String processing is quite common in software. This can be simple operations like searching for characters in a string, more complex subset and sub string searches to complex transformations. Most string processing code processes strings byte by byte (or 16bit word by word for 16bit unicode). That is fine for code that is not time critical.
A modern CPU can process 32bit-256bit at a time inside a core, if it does only 8 bit in each operation then large parts of the computing capacity are unused. If the string code processes a lot of data and slows down the program it’s better to find some way to use this unused computing capability. I’m only talking about a single core here (thread level parallelism), not multi-core.
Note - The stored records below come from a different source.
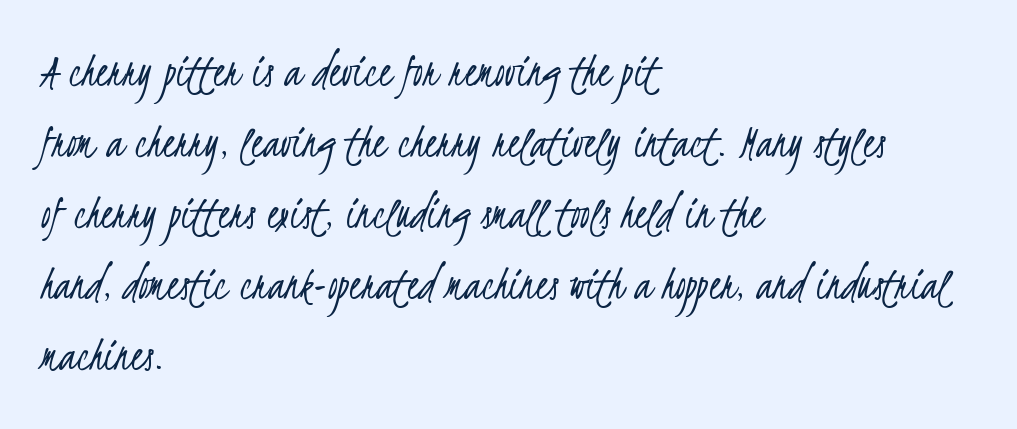
In CSS terms this would be text-align: left. Lines of text with bare space underneath. Here the designer chose a conventional face with non-uniform glyph widths. The letters sit at their default tracking, neither squeezed nor spread.
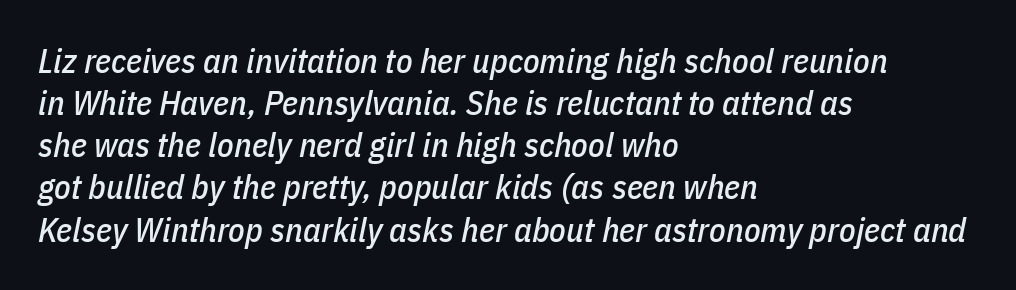
Q: Is the text italic (slanted)? A: Yes, it leans right by about 11 degrees.
Q: Is the text underlined? A: No.
Q: How is the paragraph aligned? A: Left-aligned.
Q: Is the spacing between letters normal or unusually wide? A: Normal.
Q: Width (condensed, normal, or wide)? A: Condensed.
Q: Stroke contrast? A: Low.
Q: x-height? A: Medium.
Q: Monospaced? A: No.

For simple standard algorithms like strlen there are algorithms available that allow to process the string in 32bit or 64bit units using various bit manipulation tricks. (Hacker’s delight has all the details) Typically C libraries already use optimized algorithms (although the compiler may not always use the standard library if you just call strlen). But they are usually too difficult to use for custom string processing.
Also they usually need special cases to handle the end of the string (the length of a string is often not known in advance) and are complicated to validate and write. Also typically is only a win for relatively simple algorithms, and come at a heavy cost of programer time.
On modern x86 CPUs an alternative is to use the SSE 4.2 string instructions PCMP*STR*. They are essentially programmable comparison engines to compare two 128bit vectors at a time. They can handle string end detection and various other cases directly. They are very powerful, but since they are so configurable also hard to use (2^9 possible combinations). The hardware can do all these operations in parallel, so it’s more efficient than a explicit loop.
These instructions are much easier to use than the old bit twiddling tricks, but they are still hard.
They operate on two 128 bit vector inputs and compare all the 8bit (or 16bit) pairs based on a 8bit configuration flag word. The input can be 0 terminated strings or explicit lengths for both vectors. The output is either a vector mask or a index, plus some conditional codes.
The instructions can be either used from assembler, or using C intrinsics.
To make this all easier to use I did the PCMPSTR calculator that allows to interactively configure and explore these instructions. It generates snippets that can be used in programs.
Feedback welcome and let me know if you find a new interesting use with this.
Some tips for tuning
- Always profile first to see if something is time critical. Don’t bother with code that does not show up in the profiler
- Understand what’s common and uncommon in typical input data
- Always have a reference version of the algorithm that does things in a straight forward matter and is optimized for clarity, not speed. First write the program using the reference code and profile before tuning. Have a debug build that always compares the output of reference and optimized.
- Make sure the reference version stays up-to-date when the program changes.